In 1990, renowned English art critic and novelist John Berger began an exchange of letters and cards with his daughter Katya Berger Andreadakis, a film critic.

Details of Titian paintings "Penitent Magdalene," "Saint John the Almsgiver: and "Bacchus and Ariandne" from the opening pages of "Titian: Nymph and Shepherd"

Details of Titian paintings “Penitent Magdalene,” “Saint John the Almsgiver: and “Bacchus and Ariandne” from the opening pages of “Titian: Nymph and Shepherd”

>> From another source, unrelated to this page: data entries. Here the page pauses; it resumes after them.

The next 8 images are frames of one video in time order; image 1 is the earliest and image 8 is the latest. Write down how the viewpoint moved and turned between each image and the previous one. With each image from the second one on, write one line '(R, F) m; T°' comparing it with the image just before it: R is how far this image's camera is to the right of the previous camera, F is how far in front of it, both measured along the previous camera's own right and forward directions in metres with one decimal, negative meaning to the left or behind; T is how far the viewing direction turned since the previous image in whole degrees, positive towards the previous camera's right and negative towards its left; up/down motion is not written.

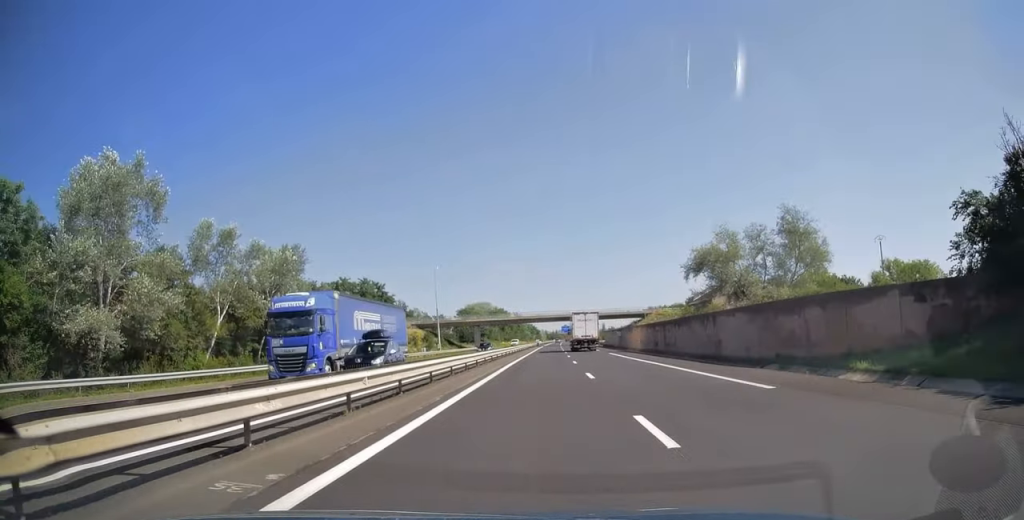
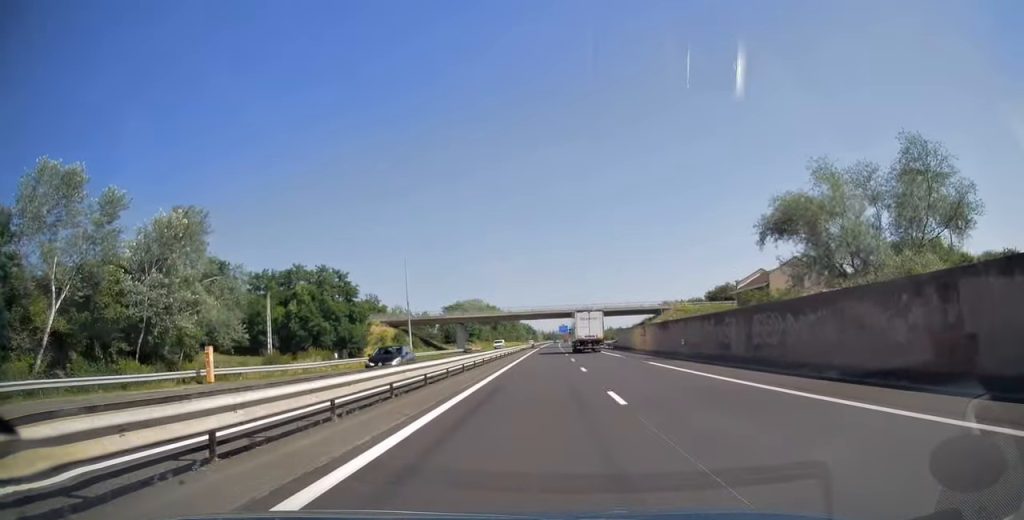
(+0.1, +21.1) m; 0°
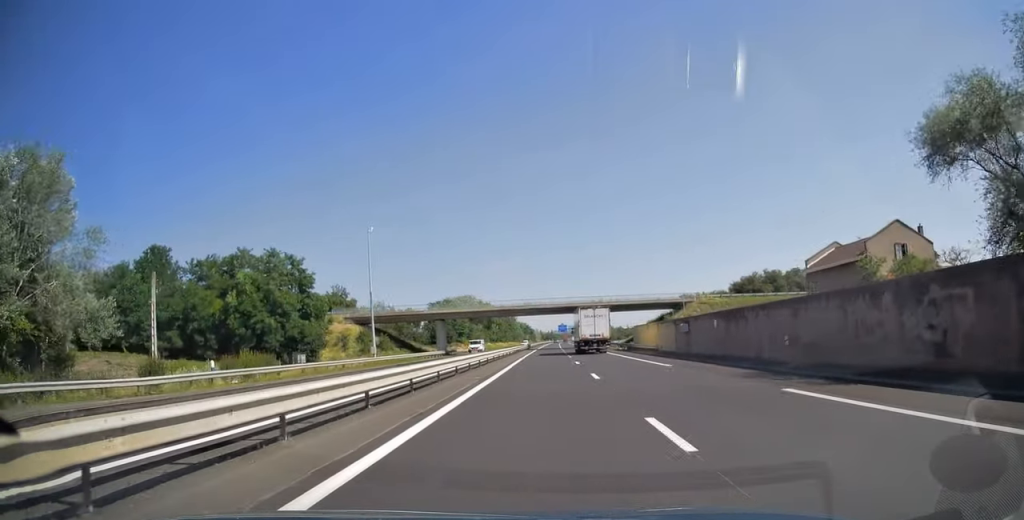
(0.0, +18.2) m; 0°
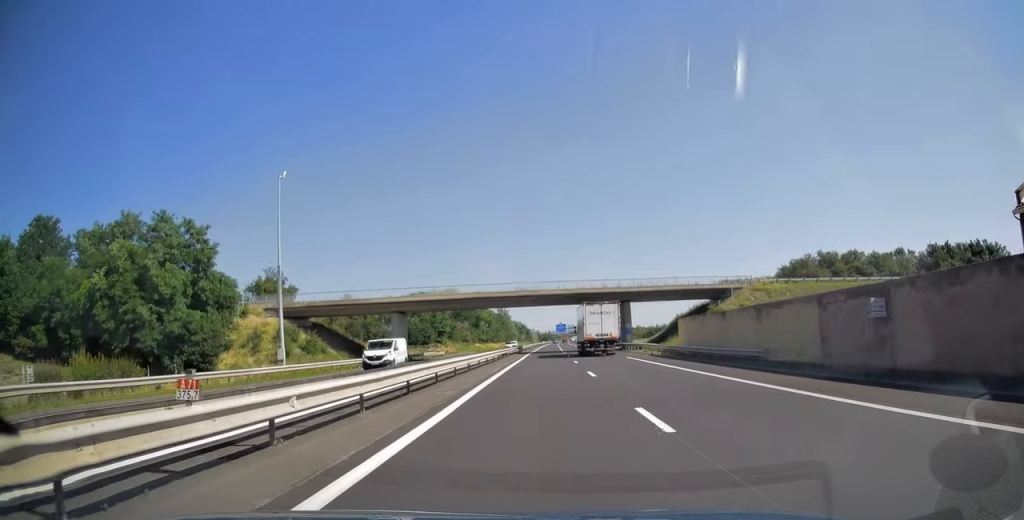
(+0.1, +24.5) m; 0°
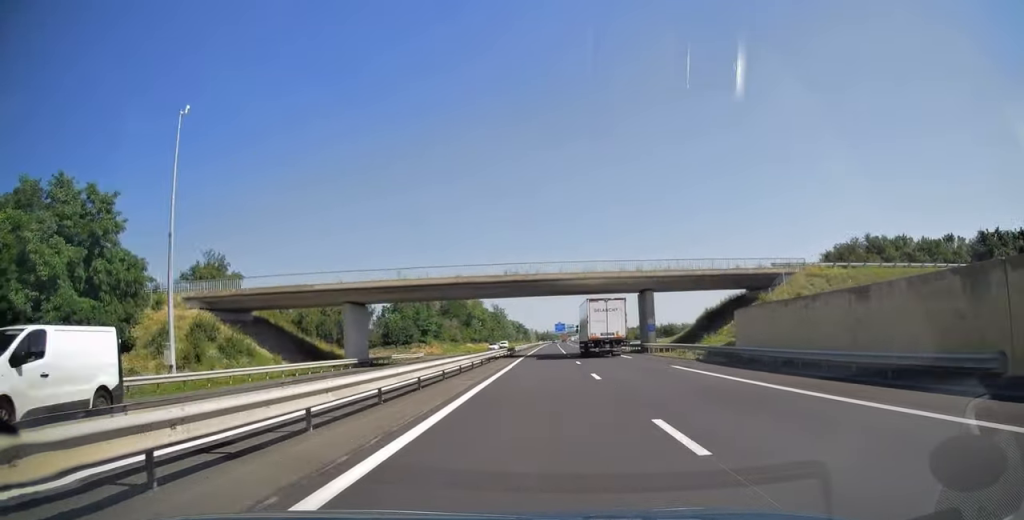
(0.0, +14.8) m; 0°
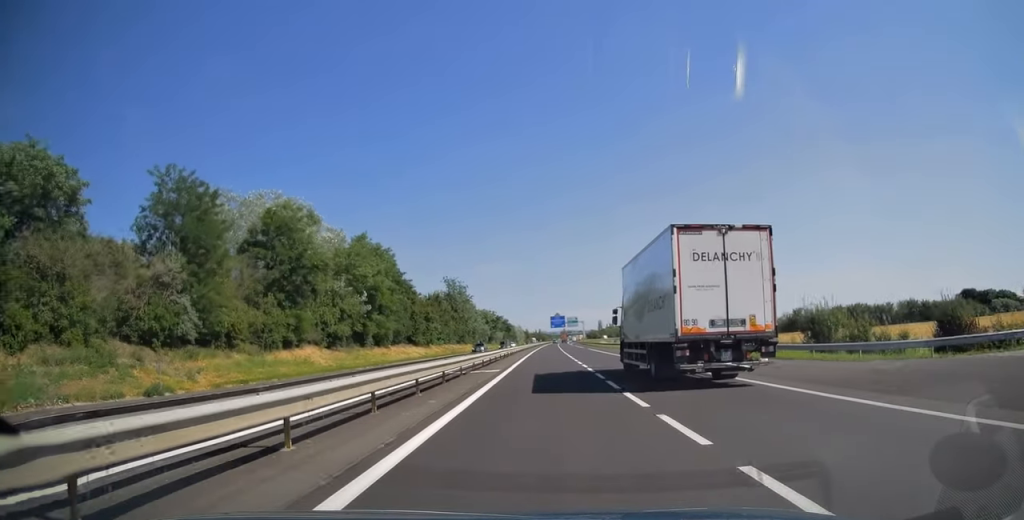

At the time, the father was in his mid-60s and his daughter in her late 20s. Their subject was their common delight in and reverence for the paintings of the 16th century Italian master Titian. In their back and forth way, they were trying to tease out the essence of Titian’s art — and of art in general.

For instance, their ruminations lead Katya to focus on what makes art art, and she writes:

Pictures by Rothko and Titian, but also by Courbet, possess this quality. They are completely themselves that they contain all the vertical depth of their being. They exclude any reference to rule or obedience. Snapping their fingers at others, they simply exist with us or without us.

In another letter, she writes:

The truth is that Titian’s art is itself untouchable, inviolable. It calls out and then it forbids. We remain open-mouthed.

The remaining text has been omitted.